━━━ Data for the task ━━━

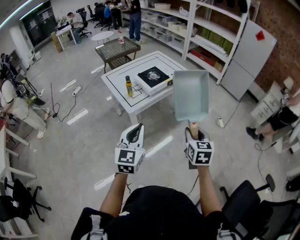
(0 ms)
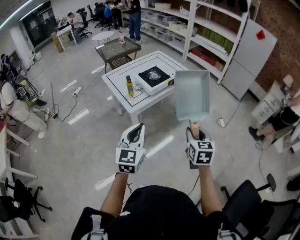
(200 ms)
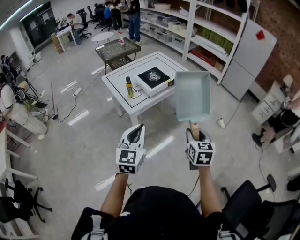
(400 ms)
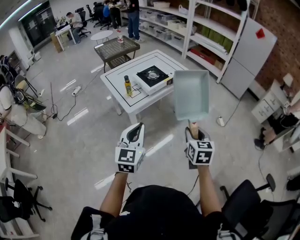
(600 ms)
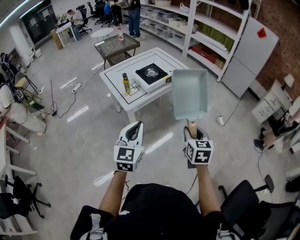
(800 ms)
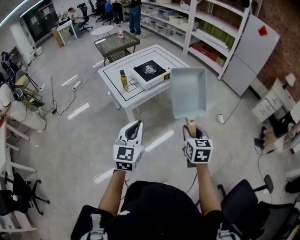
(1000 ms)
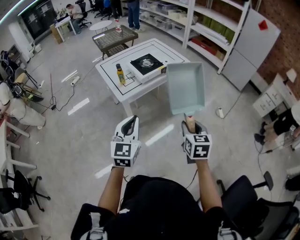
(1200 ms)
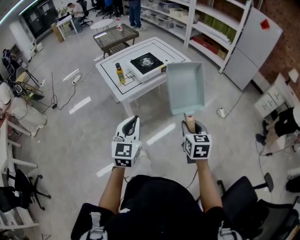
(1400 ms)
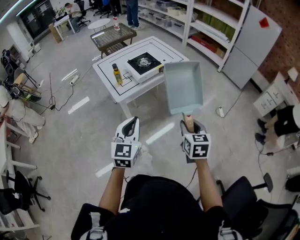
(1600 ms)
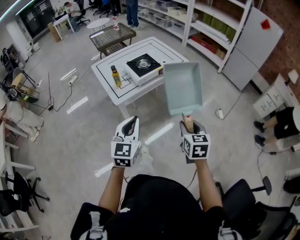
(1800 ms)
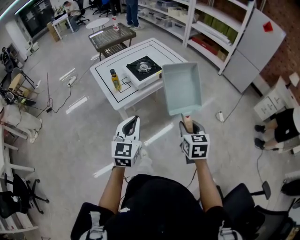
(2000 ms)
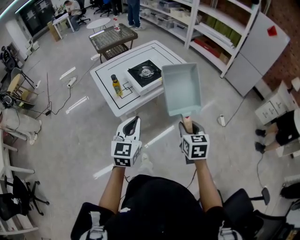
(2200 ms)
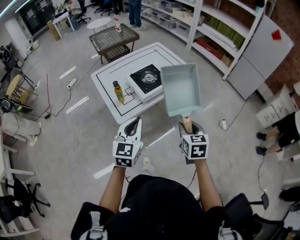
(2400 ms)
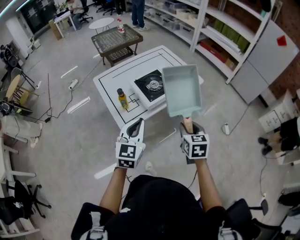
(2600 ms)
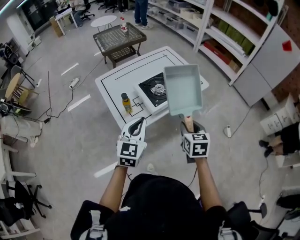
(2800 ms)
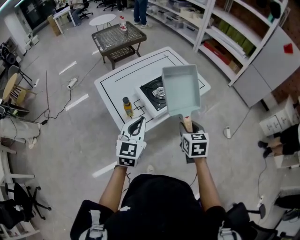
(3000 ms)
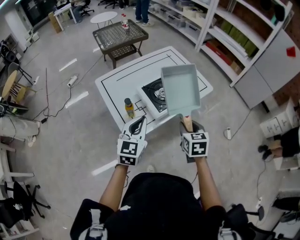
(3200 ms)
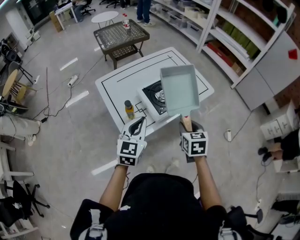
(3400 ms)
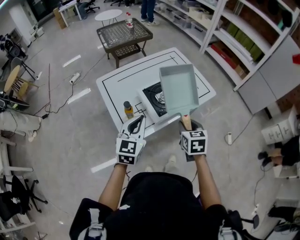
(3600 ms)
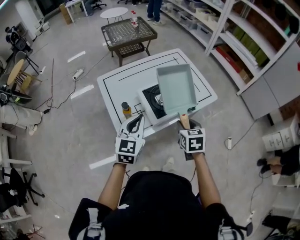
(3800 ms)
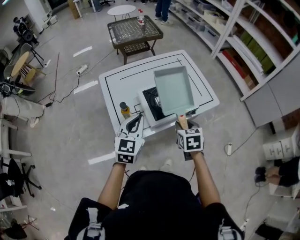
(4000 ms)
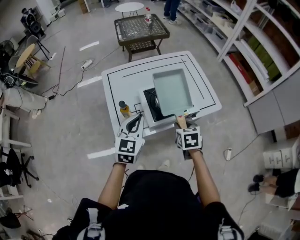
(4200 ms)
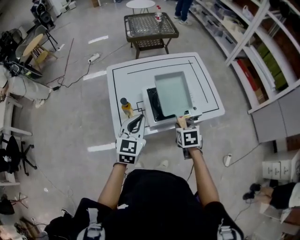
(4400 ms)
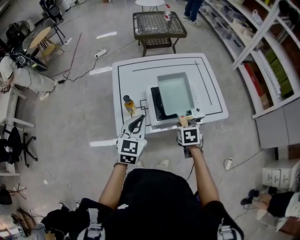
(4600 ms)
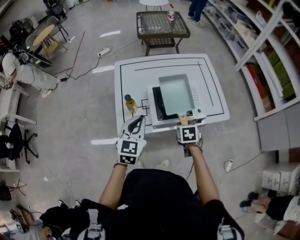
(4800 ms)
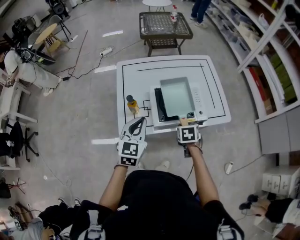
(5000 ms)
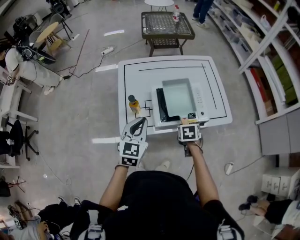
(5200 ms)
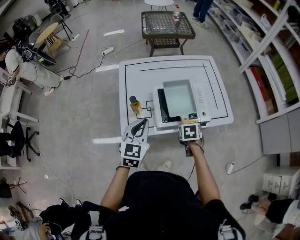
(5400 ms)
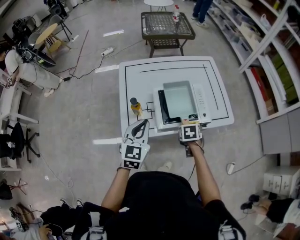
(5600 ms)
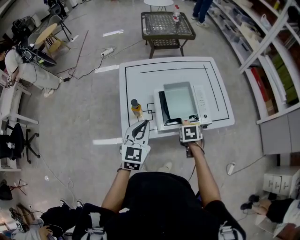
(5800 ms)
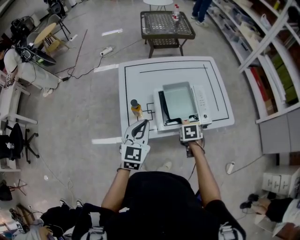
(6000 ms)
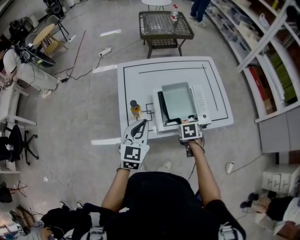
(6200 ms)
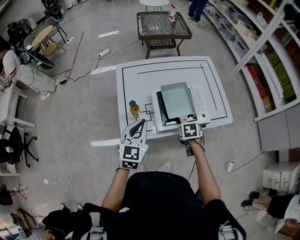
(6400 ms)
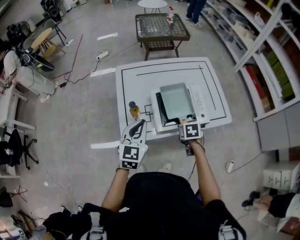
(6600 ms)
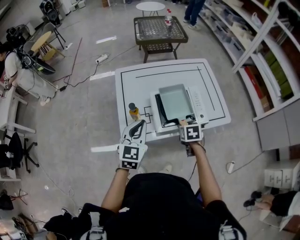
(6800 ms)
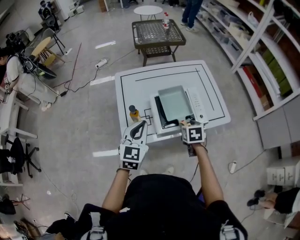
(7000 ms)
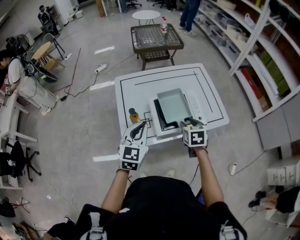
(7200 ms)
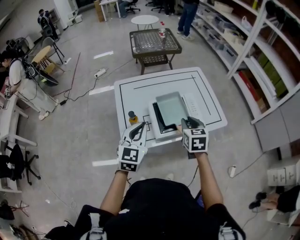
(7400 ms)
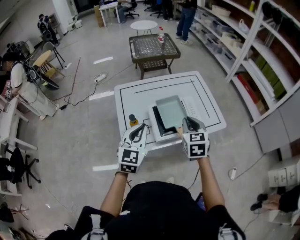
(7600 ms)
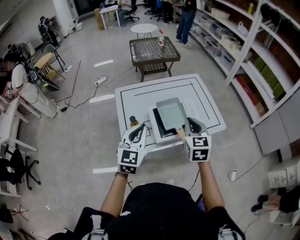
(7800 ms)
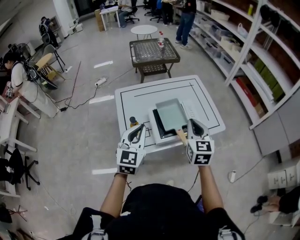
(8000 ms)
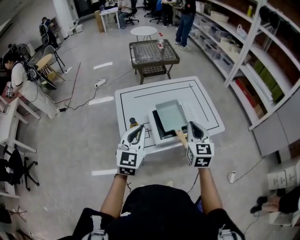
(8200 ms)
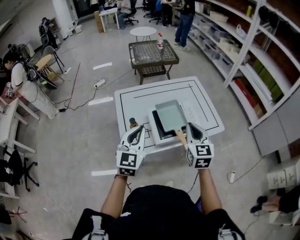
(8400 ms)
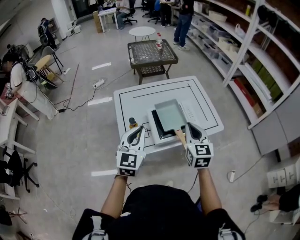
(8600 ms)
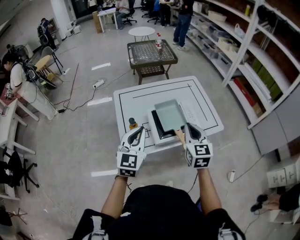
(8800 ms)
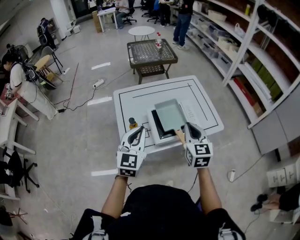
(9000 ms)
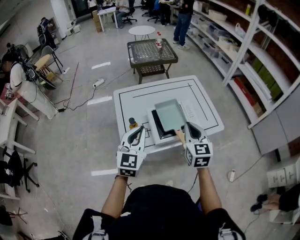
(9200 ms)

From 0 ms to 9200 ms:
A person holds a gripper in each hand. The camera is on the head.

━━━

When you reproduce the data shown above, keep each line exact and omit every picture.

(0 ms)
(200 ms)
(400 ms)
(600 ms)
(800 ms)
(1000 ms)
(1200 ms)
(1400 ms)
(1600 ms)
(1800 ms)
(2000 ms)
(2200 ms)
(2400 ms)
(2600 ms)
(2800 ms)
(3000 ms)
(3200 ms)
(3400 ms)
(3600 ms)
(3800 ms)
(4000 ms)
(4200 ms)
(4400 ms)
(4600 ms)
(4800 ms)
(5000 ms)
(5200 ms)
(5400 ms)
(5600 ms)
(5800 ms)
(6000 ms)
(6200 ms)
(6400 ms)
(6600 ms)
(6800 ms)
(7000 ms)
(7200 ms)
(7400 ms)
(7600 ms)
(7800 ms)
(8000 ms)
(8200 ms)
(8400 ms)
(8600 ms)
(8800 ms)
(9000 ms)
(9200 ms)

From 0 ms to 9200 ms:
A person holds a gripper in each hand. The camera is on the head.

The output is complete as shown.